◆ **Provided entries**

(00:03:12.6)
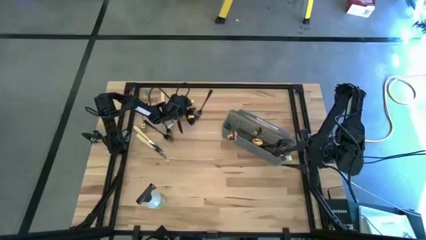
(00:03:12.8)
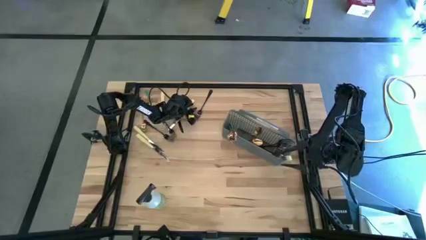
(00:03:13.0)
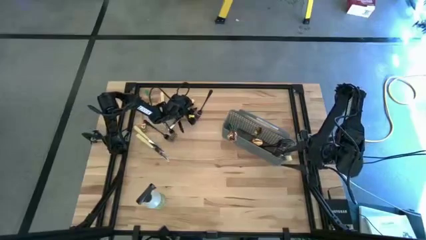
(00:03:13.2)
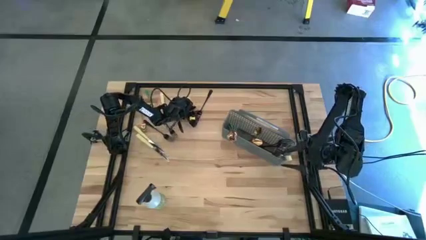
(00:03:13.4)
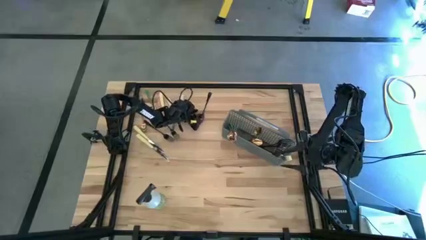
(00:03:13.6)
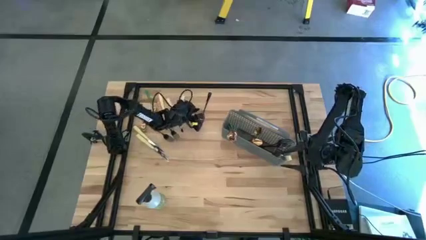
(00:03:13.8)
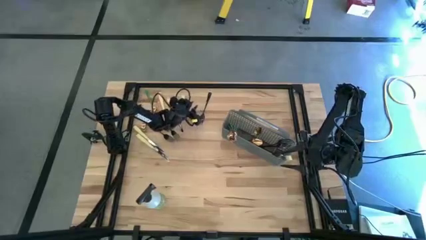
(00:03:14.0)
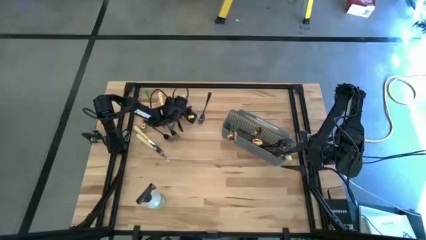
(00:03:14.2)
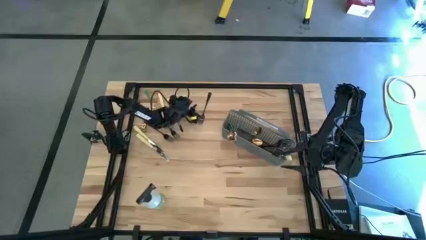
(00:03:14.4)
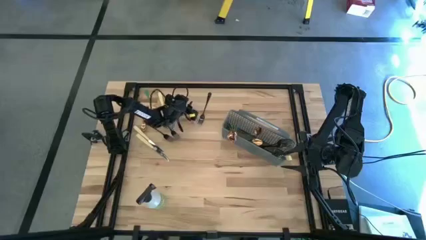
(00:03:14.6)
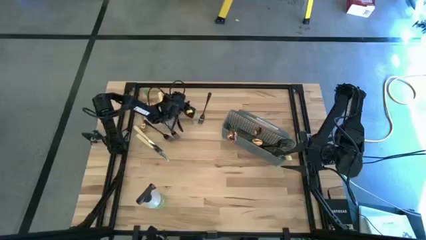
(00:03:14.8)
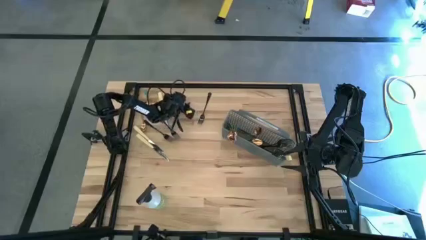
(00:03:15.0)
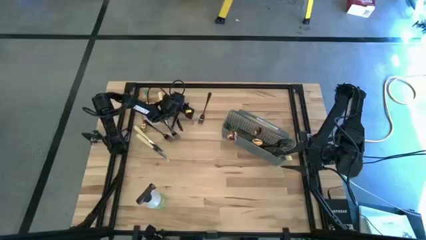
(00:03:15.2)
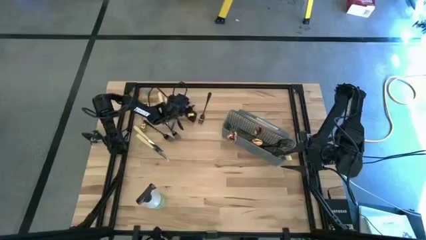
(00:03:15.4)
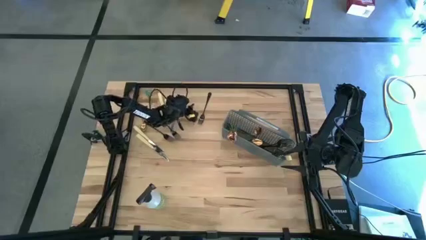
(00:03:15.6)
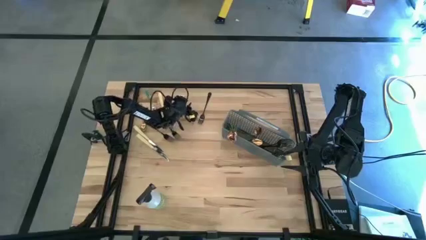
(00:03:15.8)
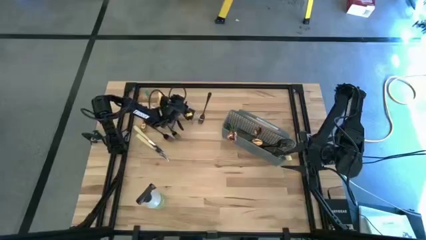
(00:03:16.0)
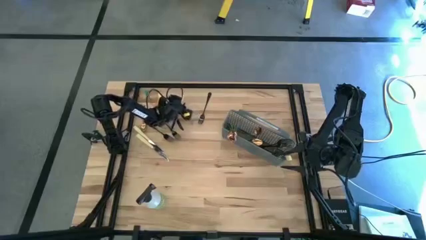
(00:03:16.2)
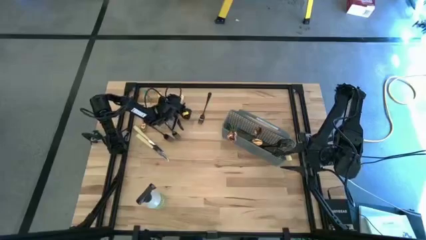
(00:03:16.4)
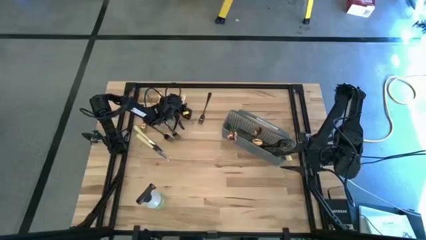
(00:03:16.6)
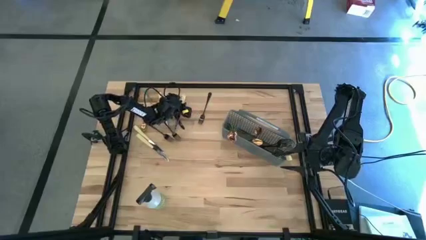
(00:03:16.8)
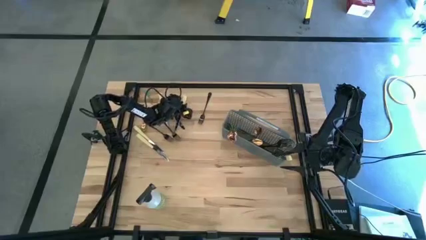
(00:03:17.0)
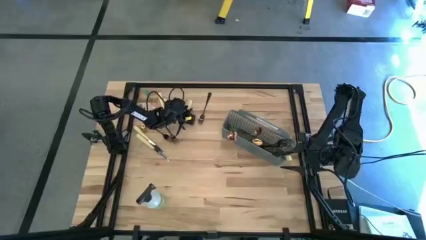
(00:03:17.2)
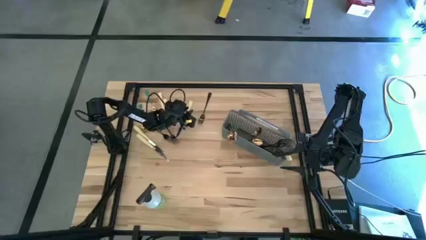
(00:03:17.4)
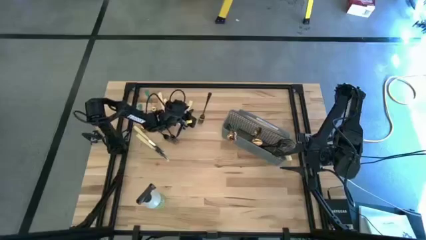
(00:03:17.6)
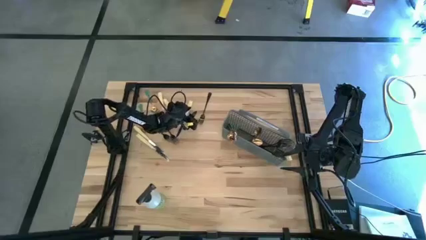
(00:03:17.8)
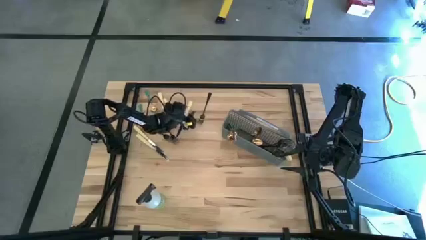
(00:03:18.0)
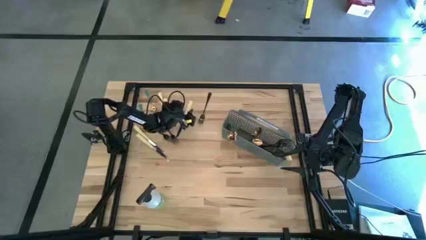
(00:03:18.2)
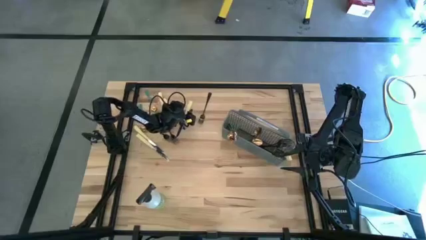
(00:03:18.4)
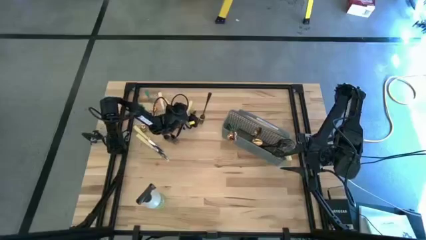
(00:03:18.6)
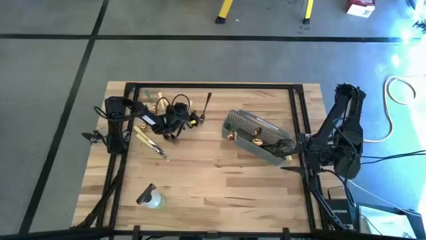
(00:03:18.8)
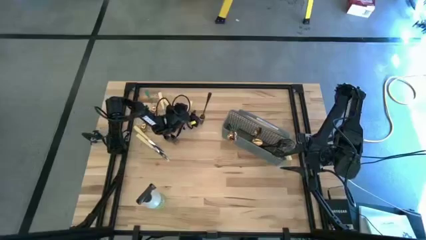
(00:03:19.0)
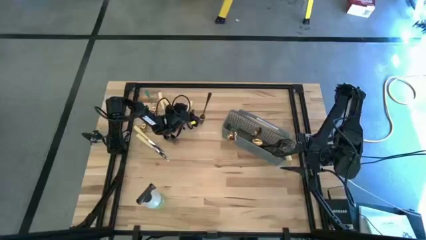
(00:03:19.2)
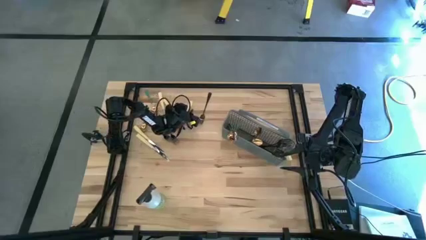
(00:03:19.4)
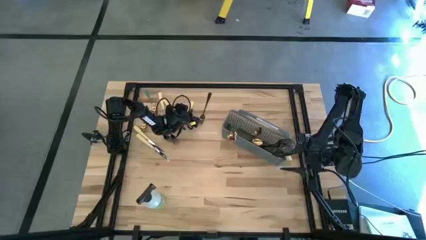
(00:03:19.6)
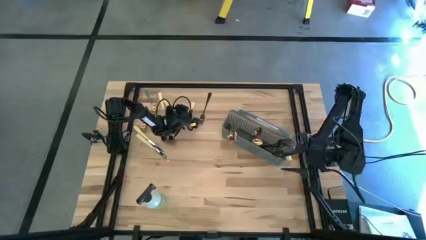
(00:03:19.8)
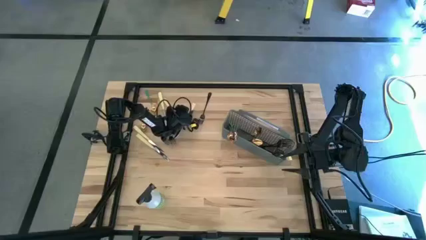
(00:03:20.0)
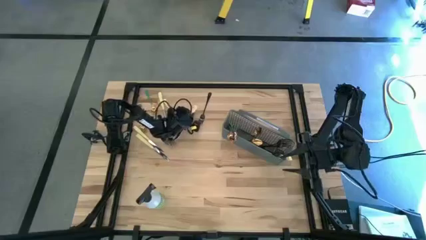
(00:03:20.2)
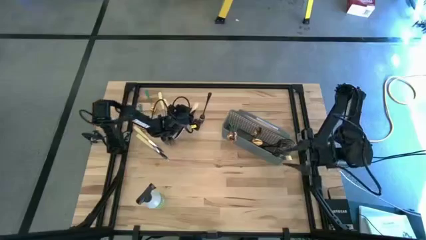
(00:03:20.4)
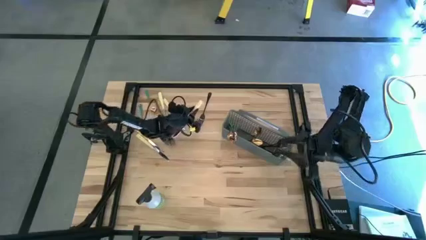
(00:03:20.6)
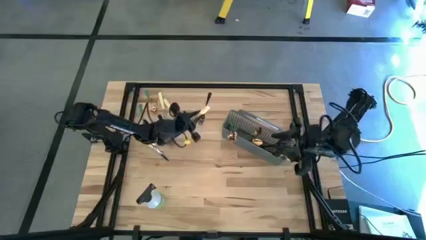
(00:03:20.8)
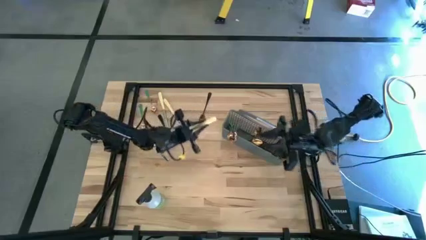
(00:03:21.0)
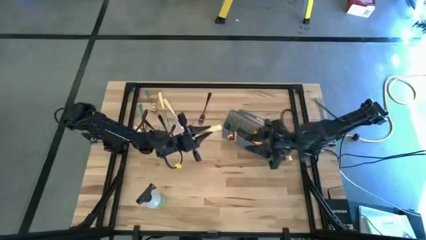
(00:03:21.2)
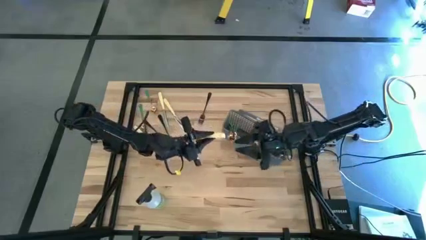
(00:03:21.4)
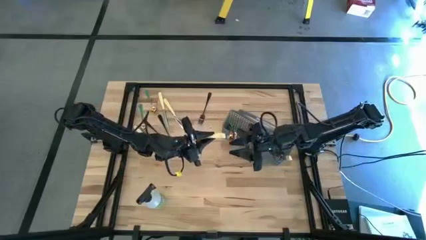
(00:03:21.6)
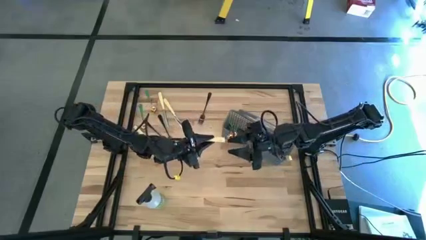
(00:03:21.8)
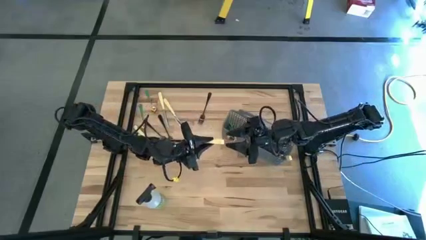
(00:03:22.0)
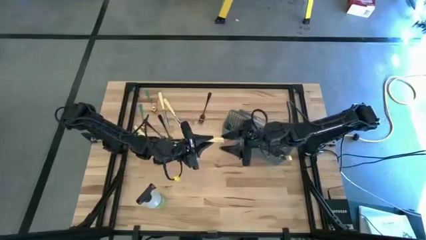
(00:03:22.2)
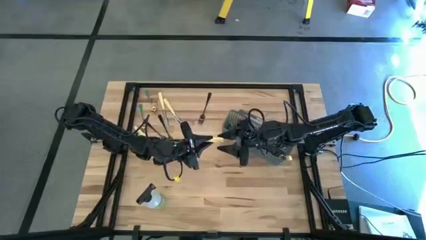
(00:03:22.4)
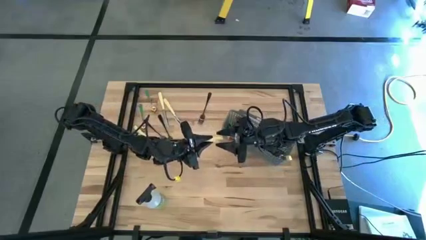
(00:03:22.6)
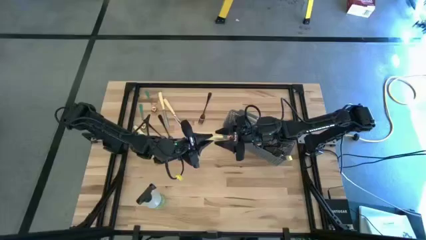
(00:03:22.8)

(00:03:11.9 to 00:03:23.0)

◆ **Work order**
If an entry contains a picture, skip the picture and reproduce everything else exactly.

◆ **Solution to this exercise**
(00:03:12.6)
(00:03:12.8)
(00:03:13.0)
(00:03:13.2)
(00:03:13.4)
(00:03:13.6)
(00:03:13.8)
(00:03:14.0)
(00:03:14.2)
(00:03:14.4)
(00:03:14.6)
(00:03:14.8)
(00:03:15.0)
(00:03:15.2)
(00:03:15.4)
(00:03:15.6)
(00:03:15.8)
(00:03:16.0)
(00:03:16.2)
(00:03:16.4)
(00:03:16.6)
(00:03:16.8)
(00:03:17.0)
(00:03:17.2)
(00:03:17.4)
(00:03:17.6)
(00:03:17.8)
(00:03:18.0)
(00:03:18.2)
(00:03:18.4)
(00:03:18.6)
(00:03:18.8)
(00:03:19.0)
(00:03:19.2)
(00:03:19.4)
(00:03:19.6)
(00:03:19.8)
(00:03:20.0)
(00:03:20.2)
(00:03:20.4)
(00:03:20.6)
(00:03:20.8)
(00:03:21.0)
(00:03:21.2)
(00:03:21.4)
(00:03:21.6)
(00:03:21.8)
(00:03:22.0)
(00:03:22.2)
(00:03:22.4)
(00:03:22.6)
(00:03:22.8)

(00:03:11.9 to 00:03:23.0)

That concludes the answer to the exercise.